Flow cytometry and monoclonal antibodies (mAb)
The following mAb were used for fluorescein-activated cell sorter (FACS) analysis: L307.4 [anti-CD80, phycoerythrin (PE)-conjugated], HB15e [anti-CD83, fluorescein isothiocyante (FITC)-conjugated], M5E2 [anti-CD14, allophycocyanin (APC)-conjugated], L243 [anti-HLA-DR, peridinin chlorophyll protein (PerCP)-conjugated], HIT3A (anti-CD3, FITC-conjugated), RPA-T4 (anti-CD4, PE-conjugated), SK1 (anti-CD8, PerCP-conjugated), RPA-T8 (anti-CD8, APC-conjugated), HI 100 (anti-CD45RA, FITC-conjugated), and UCHL1 (anti-CD45RO, PE-conjugated) were all from BD PharMingen. HLA-A2⁺ donors were identified by anti-HLA-A2 (Clone BB7.2, FITC-conjugated) from Becton Dickinson (San Diego, CA). CCR7 expression was determined by incubation with rat anti-CCR7 mAb (Clone 3D12; kindly provided by Reinhold Förster, Technical University of Munich, Germany), followed by incubation with anti-rat immunoglobulin G2a-biotinylated mAb (Clone RG7/1.30, BD PharMingen) and incubation with streptavidin-APC (BD PharMingen).
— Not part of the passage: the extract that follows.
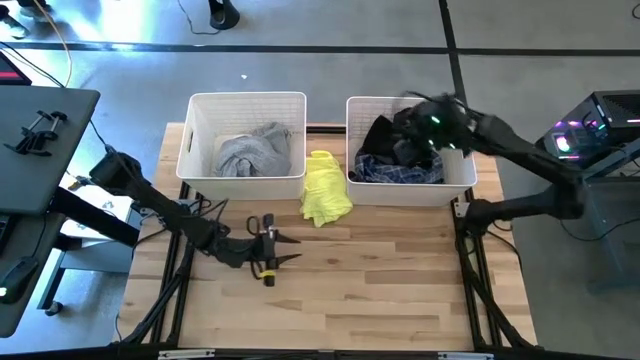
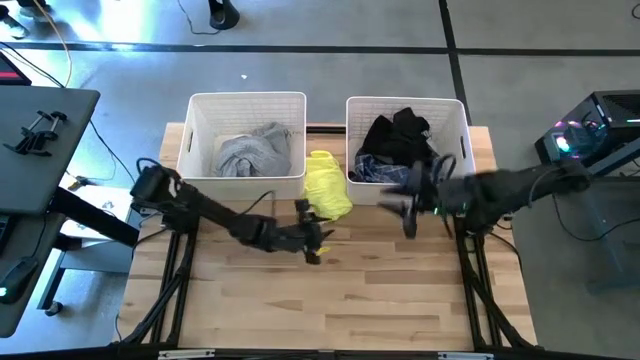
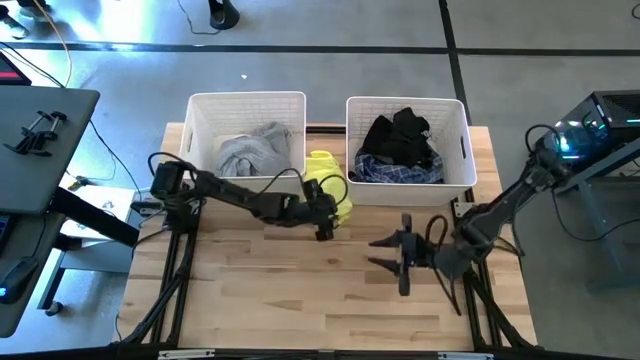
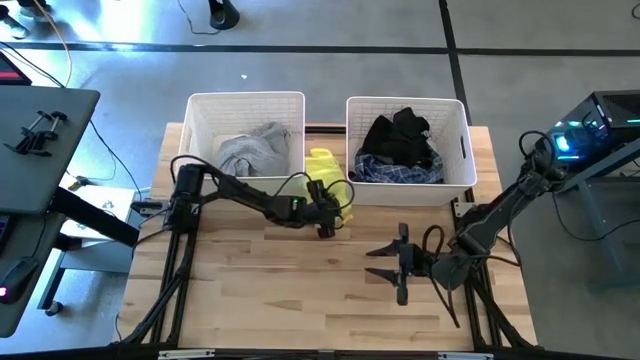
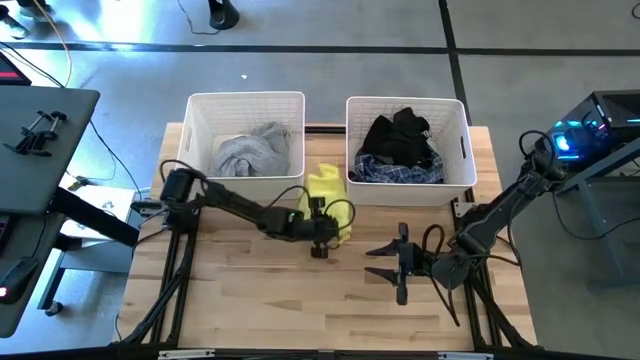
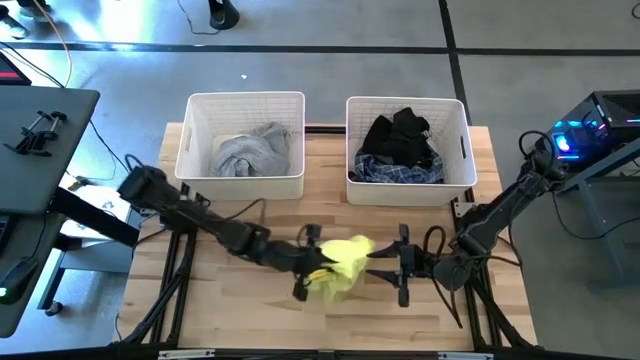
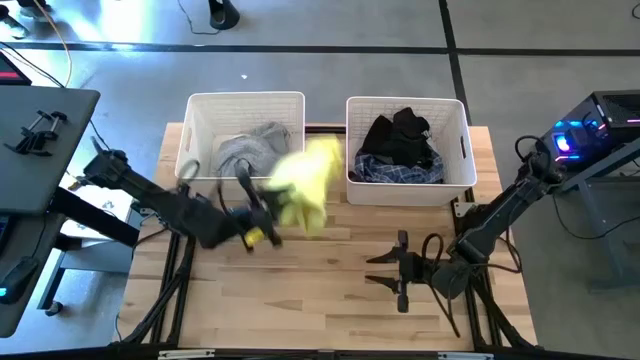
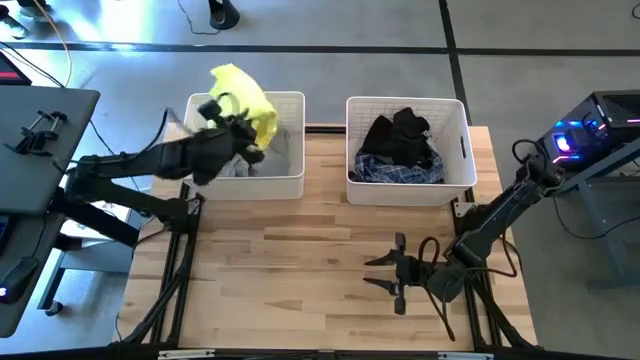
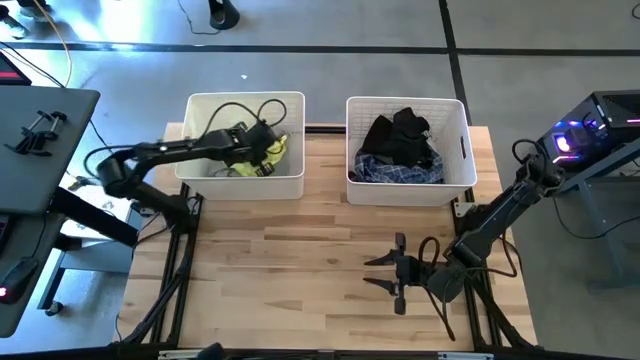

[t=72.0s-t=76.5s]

PE-coupled MHC-I/Melan-A streptamers (Streptamer®) were purchased from IBA GmbH (Göttingen, Germany). Prior to incubation with T cells, PE-conjugated Strep-Tactin and MHC-I molecules were coincubated with PBS containing 0.5% bovine serum albumin for 45 min at 4°C. Cells were stained in 50 µl streptamer preparation for 45 min. Fluorescently labeled mAb for detection of surface marker expression were added during the last 20 min of the incubation phase. Cells were analyzed on a FACSCalibur flow cytometer (Becton Dickinson, Heidelberg, Germany). Data were analyzed using CellQuest software (Version 3.2.1, Becton Dickinson).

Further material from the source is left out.